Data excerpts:
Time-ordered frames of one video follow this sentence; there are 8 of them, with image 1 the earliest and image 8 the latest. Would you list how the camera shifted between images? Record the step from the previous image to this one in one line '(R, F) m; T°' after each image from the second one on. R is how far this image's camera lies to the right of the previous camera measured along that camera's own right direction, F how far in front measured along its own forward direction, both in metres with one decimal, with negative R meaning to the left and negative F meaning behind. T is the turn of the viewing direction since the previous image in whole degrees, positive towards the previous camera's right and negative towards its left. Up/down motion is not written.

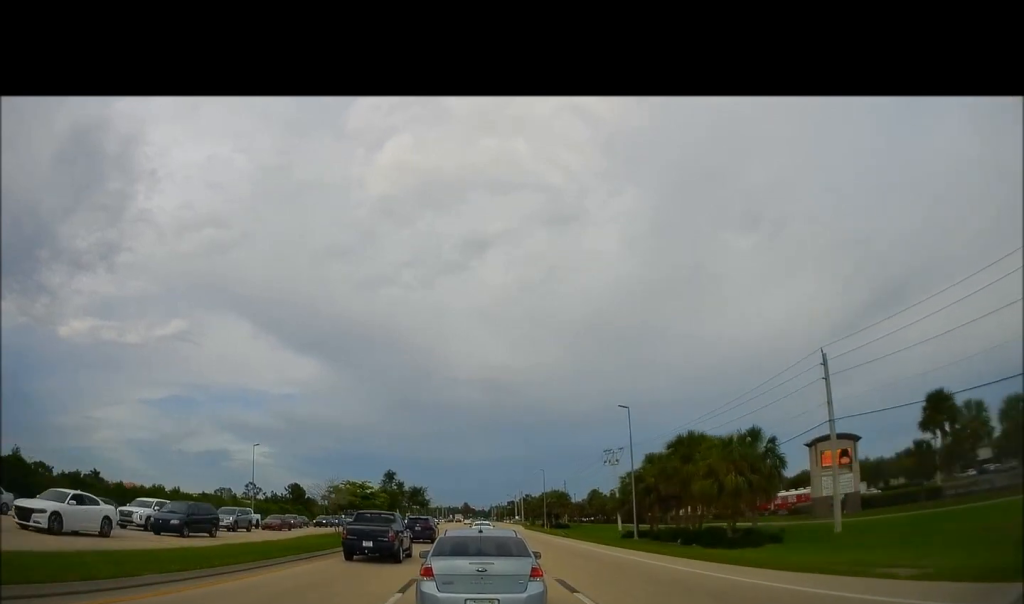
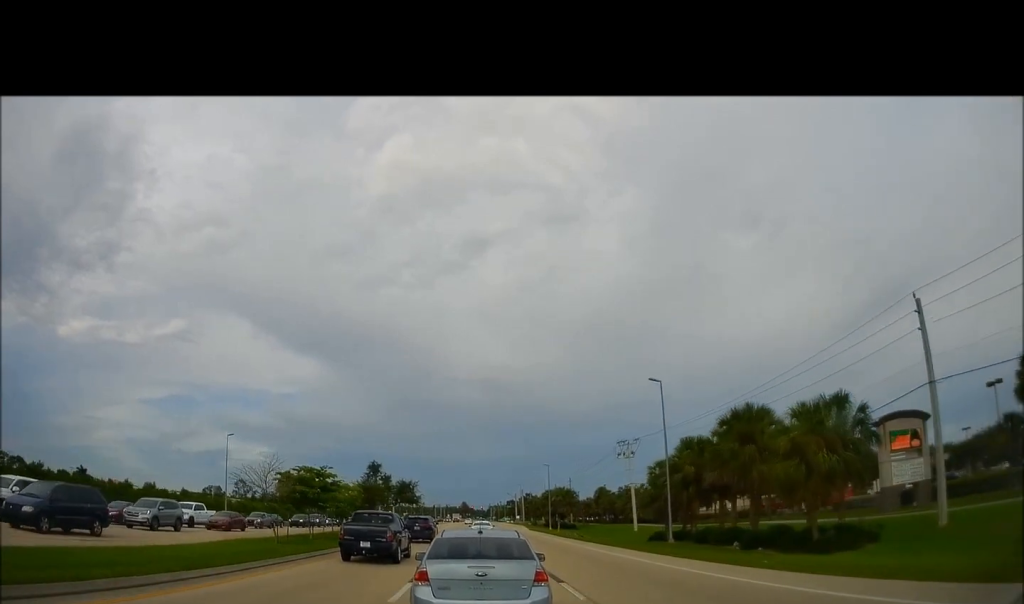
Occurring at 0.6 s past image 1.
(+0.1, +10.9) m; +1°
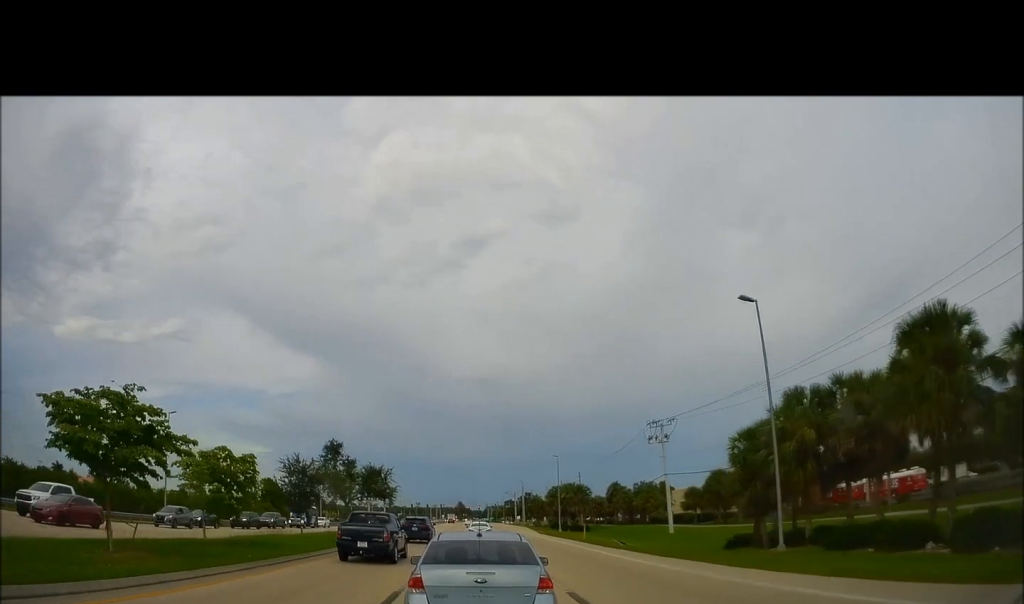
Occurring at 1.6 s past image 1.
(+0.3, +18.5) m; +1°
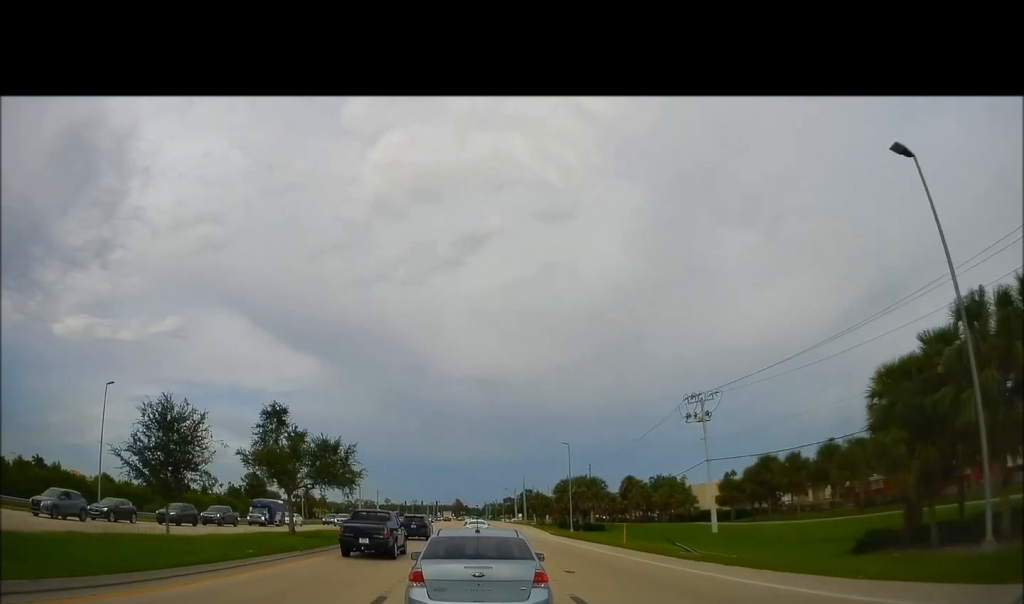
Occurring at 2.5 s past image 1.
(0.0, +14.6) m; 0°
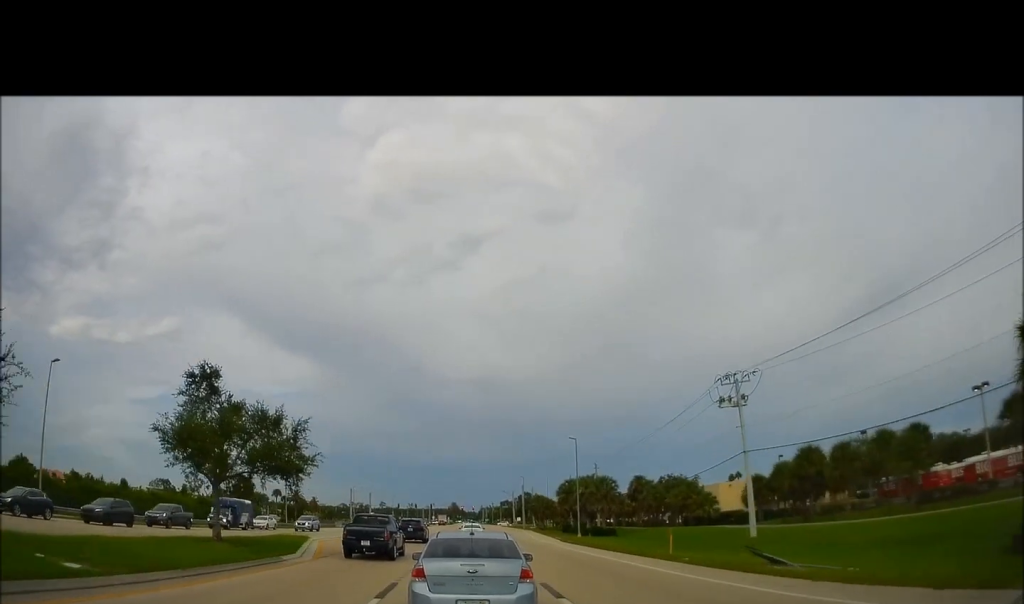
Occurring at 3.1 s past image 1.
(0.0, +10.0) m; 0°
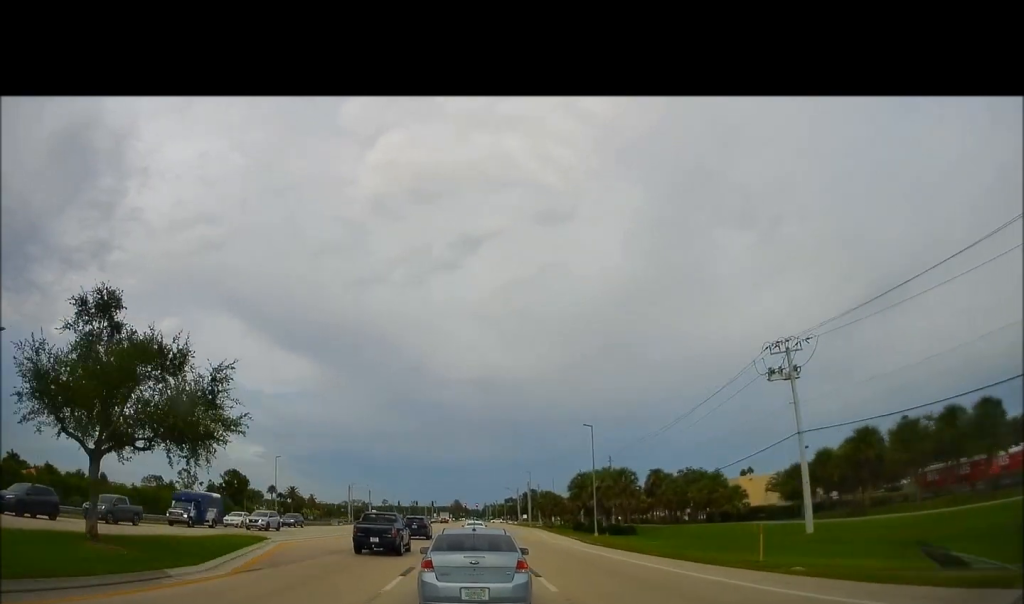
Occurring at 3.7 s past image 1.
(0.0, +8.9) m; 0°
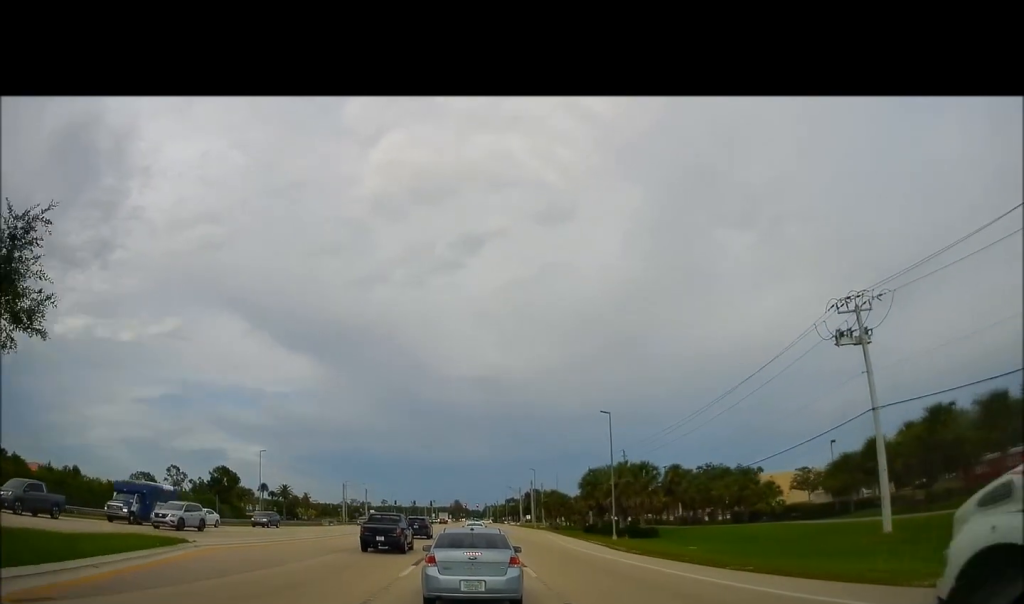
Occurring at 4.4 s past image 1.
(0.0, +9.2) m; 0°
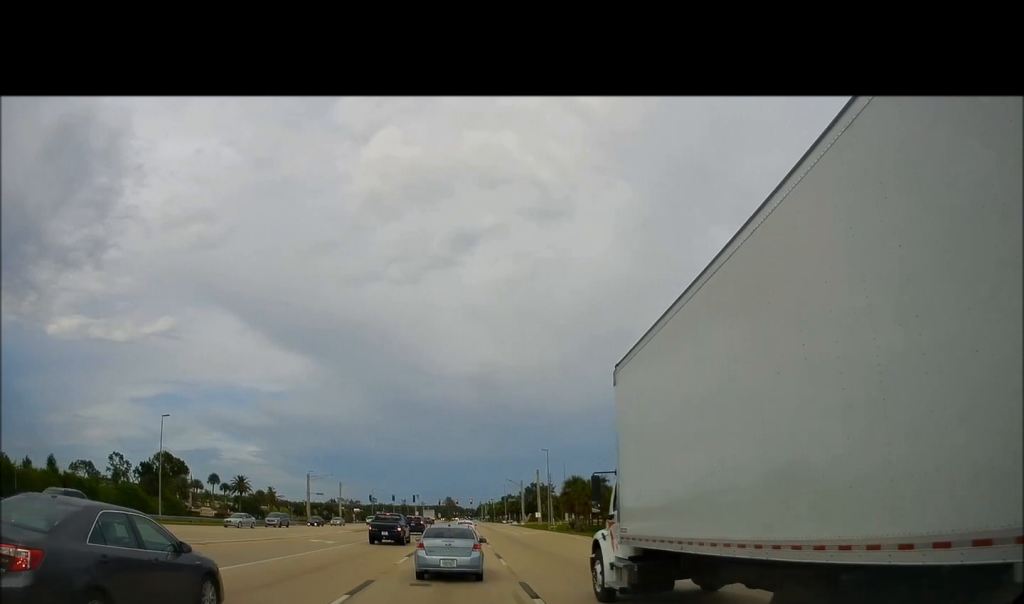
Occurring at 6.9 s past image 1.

Exercise details: Set down only the lines running from the line with "Occurring at 3.1 s past image 1." to the end of the entries, inclusive; omit every picture.

Final answer:
Occurring at 3.1 s past image 1.
(0.0, +10.0) m; 0°
Occurring at 3.7 s past image 1.
(0.0, +8.9) m; 0°
Occurring at 4.4 s past image 1.
(0.0, +9.2) m; 0°
Occurring at 6.9 s past image 1.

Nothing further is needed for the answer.